The single length iron concept, pioneered by Cobra Staffer Bryson DeChambeau, is interesting not only because it is unique, but because the concept has already been successful and has the potential to improve the consistency of golfers of every ability.
Put simply, DeChambeau’s irons are all 37.5 inches in length, similar to that of most golfers’ 7-irons, and they have the same lie angle. The only thing that changes is the loft and the head weights. This concept enables the golfer to swing each iron in exactly the same way. Presently, irons within a set get become progressively longer as the loft reduces, requiring golfers to make subtle changes to their set-up in order to strike the ball consistently.
But with irons of the same length, these changes are not necessary. Golfers can stand the same distance from the ball with the same posture and swing the club on the same plane angle, whether it’s a 4-iron or a pitching wedge.
On the face of it, this is a concept that should create a more consistent, repeatable golf swing. Because the golfer stands and swings in the same way, it should help produce a more consistent strike pattern on the clubface by eliminating many of the variables that make golf such a frustrating pastime.

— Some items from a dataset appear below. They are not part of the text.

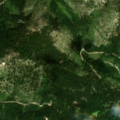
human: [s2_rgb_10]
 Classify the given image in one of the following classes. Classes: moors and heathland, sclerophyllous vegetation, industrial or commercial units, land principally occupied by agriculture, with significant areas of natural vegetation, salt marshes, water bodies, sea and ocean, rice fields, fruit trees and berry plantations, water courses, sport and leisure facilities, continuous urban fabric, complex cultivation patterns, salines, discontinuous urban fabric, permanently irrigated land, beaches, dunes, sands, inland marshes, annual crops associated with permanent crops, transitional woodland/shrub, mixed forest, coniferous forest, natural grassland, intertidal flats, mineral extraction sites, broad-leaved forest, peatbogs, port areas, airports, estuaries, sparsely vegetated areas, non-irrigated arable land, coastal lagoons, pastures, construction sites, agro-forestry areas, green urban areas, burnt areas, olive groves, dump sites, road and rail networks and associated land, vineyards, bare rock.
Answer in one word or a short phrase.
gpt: coniferous forest, mixed forest, transitional woodland/shrub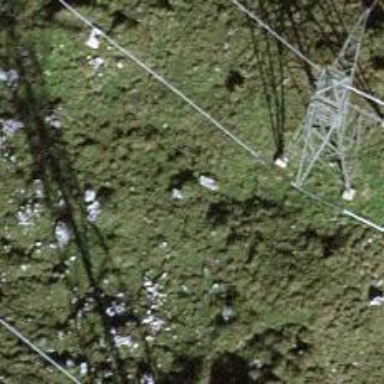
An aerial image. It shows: Power tower.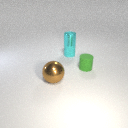
small cyan rubber cylinder to the left of small green rubber cylinder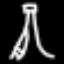
Label: The Eiffel Tower
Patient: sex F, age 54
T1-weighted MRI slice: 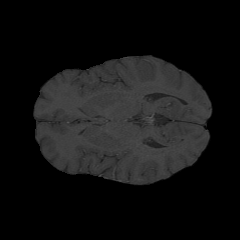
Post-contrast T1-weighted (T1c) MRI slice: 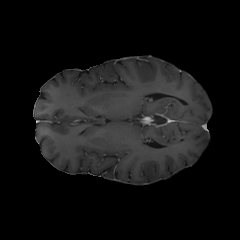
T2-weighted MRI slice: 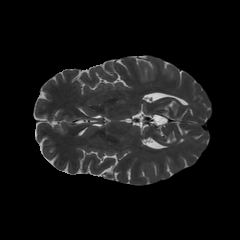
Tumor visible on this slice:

But do single length irons attempt to solve a problem that doesn’t exist? After all, golfers have been playing with irons of different lengths since clubs were first mass-produced and managed just fine. The subtle changes needed in your set-up between different irons is not something that golfers consciously think about, as the length and lie and angle of a club dictates to some degree how to stand to the ball.

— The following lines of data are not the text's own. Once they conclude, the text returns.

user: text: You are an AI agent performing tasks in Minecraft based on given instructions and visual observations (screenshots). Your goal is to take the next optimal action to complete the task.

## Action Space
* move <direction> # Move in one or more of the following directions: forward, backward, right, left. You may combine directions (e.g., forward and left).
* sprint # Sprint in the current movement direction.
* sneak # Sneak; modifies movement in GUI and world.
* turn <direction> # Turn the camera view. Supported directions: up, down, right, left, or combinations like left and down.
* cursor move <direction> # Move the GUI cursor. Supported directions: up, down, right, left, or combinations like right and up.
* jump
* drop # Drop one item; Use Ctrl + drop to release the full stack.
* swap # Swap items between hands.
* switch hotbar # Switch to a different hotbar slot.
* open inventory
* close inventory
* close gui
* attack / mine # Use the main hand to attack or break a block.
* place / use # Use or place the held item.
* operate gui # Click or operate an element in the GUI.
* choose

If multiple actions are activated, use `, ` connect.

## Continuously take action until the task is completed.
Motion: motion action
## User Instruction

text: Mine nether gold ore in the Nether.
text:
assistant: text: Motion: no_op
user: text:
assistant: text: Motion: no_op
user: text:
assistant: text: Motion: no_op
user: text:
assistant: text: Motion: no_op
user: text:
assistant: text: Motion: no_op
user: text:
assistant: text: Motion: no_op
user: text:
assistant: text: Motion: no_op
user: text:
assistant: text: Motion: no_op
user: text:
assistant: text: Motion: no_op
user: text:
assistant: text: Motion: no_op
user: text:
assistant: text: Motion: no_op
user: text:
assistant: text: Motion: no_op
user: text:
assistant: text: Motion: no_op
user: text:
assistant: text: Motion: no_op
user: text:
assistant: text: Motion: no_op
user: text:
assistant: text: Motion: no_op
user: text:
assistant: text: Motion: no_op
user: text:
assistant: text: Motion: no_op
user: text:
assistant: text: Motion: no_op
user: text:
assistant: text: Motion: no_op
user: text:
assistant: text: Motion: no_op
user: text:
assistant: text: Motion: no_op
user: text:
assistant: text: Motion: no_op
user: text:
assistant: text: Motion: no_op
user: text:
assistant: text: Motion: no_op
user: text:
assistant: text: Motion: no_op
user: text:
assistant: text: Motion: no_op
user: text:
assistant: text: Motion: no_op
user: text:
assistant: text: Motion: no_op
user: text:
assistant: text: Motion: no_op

Additionally, there will be changes to the swing speed of the long and short irons because of the change in length and then there’s the whole other topic of the short game, and what length the wedges should be in order to be able to pitch and chip comfortably as well as hitting full shots.

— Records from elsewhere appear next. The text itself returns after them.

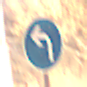
Verkehrszeichen: VorgeschriebeneFahrtrichtungLinks
Umgebung: Outdoor, Urban
Tageszeit: Night
Wetter: Overcast
Licht: Artificial
Jahreszeit: Winter
Kontrast: MediumContrast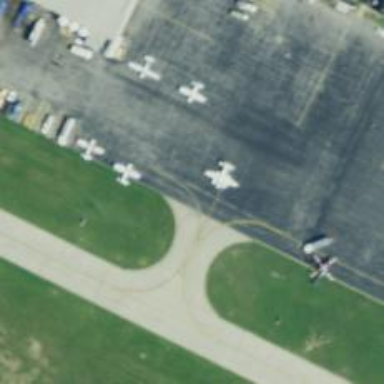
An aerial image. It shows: View of taxiway at the airport.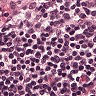
Metastatic tissue present: no
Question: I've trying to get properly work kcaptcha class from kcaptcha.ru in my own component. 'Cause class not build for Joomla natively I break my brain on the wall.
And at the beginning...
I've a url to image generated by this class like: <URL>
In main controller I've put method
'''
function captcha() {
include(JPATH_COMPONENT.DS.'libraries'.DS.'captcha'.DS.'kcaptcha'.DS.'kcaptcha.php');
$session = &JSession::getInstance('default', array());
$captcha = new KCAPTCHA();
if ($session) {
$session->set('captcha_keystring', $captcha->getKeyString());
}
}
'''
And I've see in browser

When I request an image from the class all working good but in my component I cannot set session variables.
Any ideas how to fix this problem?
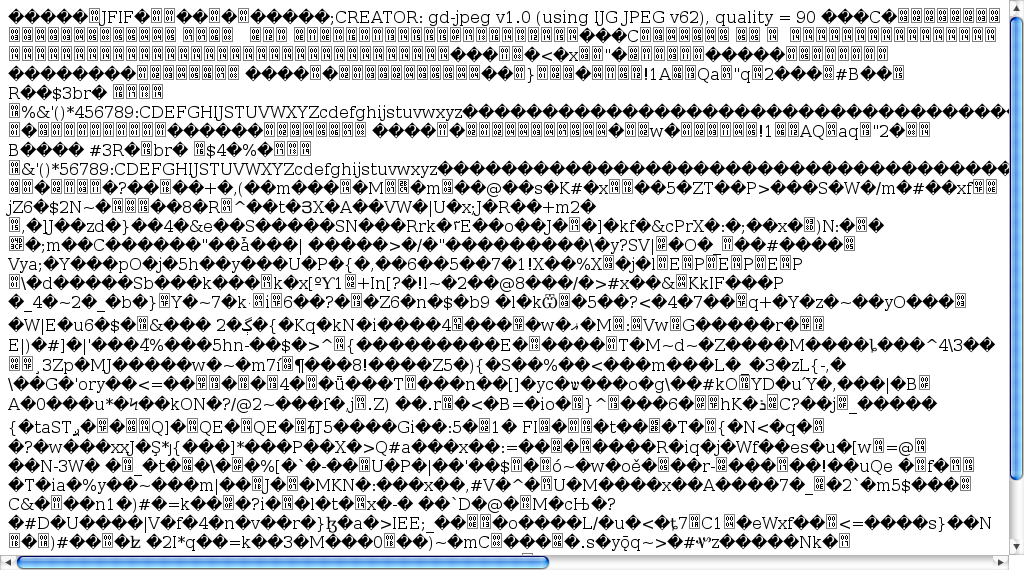
Answer: And problem solved successfully.
For &format=raw in controller Joomla set default mime-type to text/html.
For healing this issue developer must reset mime/type via setting
'''
$document = &JFactory::getDocument();
$document->setMimeEncoding('image/png');
'''
mime/encoding off course depends on you needs.

But while there are some negatives, I think they are comfortably outweighed by the positives. Manufacturers have already come up with ways to offset the changes in club speed of the long and short irons compared to standard sets by altering the lofts, head weights and CG positions accordingly to even out the distance gapping through the set. Having tested Cobra’s new Forged One irons in the video above, it left me wondering why all iron sets aren’t made like this.